═══ Input ═══

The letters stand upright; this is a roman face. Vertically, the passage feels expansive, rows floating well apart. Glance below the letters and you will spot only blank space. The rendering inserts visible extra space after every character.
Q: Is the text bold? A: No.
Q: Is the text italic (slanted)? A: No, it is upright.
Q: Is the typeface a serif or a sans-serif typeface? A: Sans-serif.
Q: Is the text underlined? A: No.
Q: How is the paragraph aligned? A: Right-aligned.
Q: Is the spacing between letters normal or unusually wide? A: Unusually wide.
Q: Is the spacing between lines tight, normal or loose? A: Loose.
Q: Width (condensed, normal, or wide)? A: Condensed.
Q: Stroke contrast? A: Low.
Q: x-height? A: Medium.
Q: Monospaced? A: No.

═══
═══ Input ═══

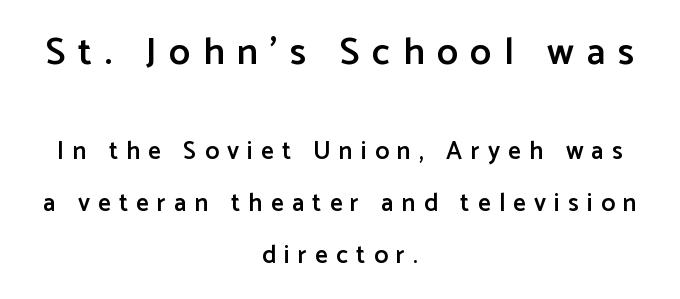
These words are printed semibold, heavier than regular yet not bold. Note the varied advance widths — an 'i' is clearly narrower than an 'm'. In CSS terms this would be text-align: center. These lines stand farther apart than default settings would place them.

═══

[Directions] Please give an exact copy of the lines above, beginning with the line containing "Q: Width (condensed, normal, or" and running through the line containing "Q: Monospaced? A: No.", and of no other lines.

[Answer below]
Q: Width (condensed, normal, or wide)? A: Condensed.
Q: Stroke contrast? A: Low.
Q: x-height? A: Medium.
Q: Monospaced? A: No.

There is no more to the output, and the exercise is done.